How We Grew A Retailer's Affiliate Program Revenue By 206%
Acceleration Partners grew client’s overall revenue by 206% year-over-year (YOY) while maintaining their return on ad spend goal of $9 and recruiting over 800 quality affiliates into program.
Evaluating the Issues
One of the services Acceleration Partners is valued for is our complementary affiliate program assessments. When we conduct these evaluations for companies, we look at everything from the types of affiliates in the program and the clicks and conversions they are generating to how fraudulent activities are being monitored and prevented, hidden sources of costs and opportunities for growth.
Categorizing the Challenges
After performing this assessment on one retailer’s program, our team discovered that they had over 400 pending affiliate applications that weren’t being reviewed. In addition, the affiliates in their program weren’t receiving any communications that might activate them or optimize their efforts.
In short, their network-managed affiliate program was on auto-pilot. The retailer needed an affiliate network that would better support their needs as well as an industry partner who could provide management and oversight of their program.
Their internal team conveyed to AP that they wanted a program management partner who would focus more on recruiting content affiliates while also communicating more effectively and consistently with their existing affiliates.
The retailer also wanted to ensure that their needs would be met cost-effectively. For the client, this meant growing revenue while maintaining a $9 return.
To help them achieve their objectives, the first step their Acceleration Partners team took was to get the client set-up on an affiliate network that would allow them to grow their program strategically and cost-effectively. For the retailer, that network was ShareASale.
“Once we helped them transition their program to ShareASale, our team rolled up our sleeves and conducted a comprehensive audit of previous revenue-driving affiliates in their program to determine long-term partnership opportunities,” said Heather Creamer, the client’s AP Account Manager. “In this process, we were able to identify both top performing affiliates as well as affiliates who did not align with the client’s brand.

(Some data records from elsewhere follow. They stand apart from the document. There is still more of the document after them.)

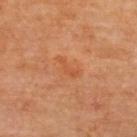Case summary:
• notes: imaged on a skin check; not biopsied
• lesion size: about 3 mm
• subject: female, about 65 years old
• body site: the back
• acquisition: ~15 mm tile from a whole-body skin photo
• tile lighting: cross-polarized illumination
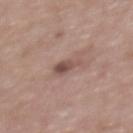Impression: Part of a total-body skin-imaging series; this lesion was reviewed on a skin check and was not flagged for biopsy. Image and clinical context: Automated tile analysis of the lesion measured a lesion area of about 4.5 mm². The analysis additionally found an average lesion color of about L≈50 a*≈19 b*≈22 (CIELAB) and a lesion-to-skin contrast of about 7.5 (normalized; higher = more distinct). And it measured a border-irregularity index near 4/10, a within-lesion color-variation index near 3.5/10, and radial color variation of about 1.5. And it measured an automated nevus-likeness rating near 10 out of 100 and lesion-presence confidence of about 100/100. A female subject aged 48 to 52. A 15 mm crop from a total-body photograph taken for skin-cancer surveillance. The lesion is on the upper back. The lesion's longest dimension is about 3.5 mm.
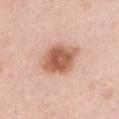workup: no biopsy performed (imaged during a skin exam) | diameter: ≈4.5 mm | imaging modality: total-body-photography crop, ~15 mm field of view | location: the chest | subject: female, aged approximately 40 | lighting: white-light.
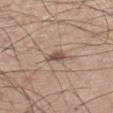Assessment:
Captured during whole-body skin photography for melanoma surveillance; the lesion was not biopsied.
Clinical summary:
Longest diameter approximately 2.5 mm. Cropped from a total-body skin-imaging series; the visible field is about 15 mm. From the left lower leg. A male patient roughly 55 years of age.
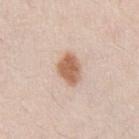biopsy_status: not biopsied; imaged during a skin examination
image:
  source: total-body photography crop
  field_of_view_mm: 15
site: abdomen
patient:
  sex: male
  age_approx: 35

The most brand-aligned affiliates were then invited to join their program on ShareASale.”
To enhance the quality and quantity of content affiliates in the retailer’s program, the AP team pulled up-to-date recruitment lists from our internal CRM. After designating select affiliates who would be great content partners for the client, the AP team sent them various communications that imparted the value and opportunity of the retailer’s affiliate program.
It was also important for the AP team to make strategic adjustments to affiliate commissions in order to make the program as attractive as possible to quality content affiliates while also ensuring the retailer would get the return they were looking for.
Once a strong base of brand-aligned affiliates were in their program and smart recruitment efforts were under way, the team went to work updating all of the retailer’s affiliate communications, including creating a fresh, well-designed newsletter template that they sent out to all affiliates every two weeks.
“To activate non-active affiliates, we created a blog post bonus campaign and offered it to every affiliate who had joined the program in the past four months,” said Creamer. “And to optimize click-active affiliates, our team sent out an email newsletter to them every two weeks that provided information about the client’s close-out sales and relevant categories to focus on in their content. We also offered affiliates three different blog post ideas in each newsletter and included links to special categories, shipping events, and the retailer’s internally-created blog posts.”
For affiliates who had generated clicks, but not revenue, the team conducted special activation campaigns. For example, if the affiliate drove their first three sales within a 30-day window, they’d earn an additional one percent commission increase in the following month. In addition, the team provided all the retailer’s affiliates with tips and tricks for how to drive sales.
By laying out a customized, strategic process for the retailer, the Acceleration Partners team was able to:
- Grow overall revenue for the client by 206% year-over-year (YOY) while maintaining their return on ad spend goal of a $9.
- Recruit over 800 quality affiliates into their program, almost 700 of which are content affiliates.
- Generate over 40 sponsored blog posts from affiliates.
- Decrease affiliate network fees by 30% YOY.
- Increase their average order value by $5 YOY.
- Increase their conversion rate three percentage points from 1% to 4% by ensuring only qualified affiliates were accepted into the client’s program.
Today, the retailer’s program is now running on all cylinders. The AP team consistently monitors for fraud, FTC disclosures, trademark bidding, etc. as well as for performance. What’s more is that information is now being shared consistently with their internal team via weekly and monthly reporting. The retailer’s internal involvement and support combined with a better management and publisher development process will only continue to ensure their program bears fruit.
“We’ve learned a great deal about what resonates best with different affiliate types (content sites, loyalty sites, coupon sites, etc.). We’ve also been able to base our campaigns on segmented groups which allows us to get the most interaction from each subset,” said Creamer. “We also recently conducted an affiliate survey. The direct feedback and responses from affiliates is incredibly valuable as it provides us insight into what compels them to promote a brand’s offerings. These learnings will enable us to develop even more strategic campaigns that will offer value to both affiliates and to our client.”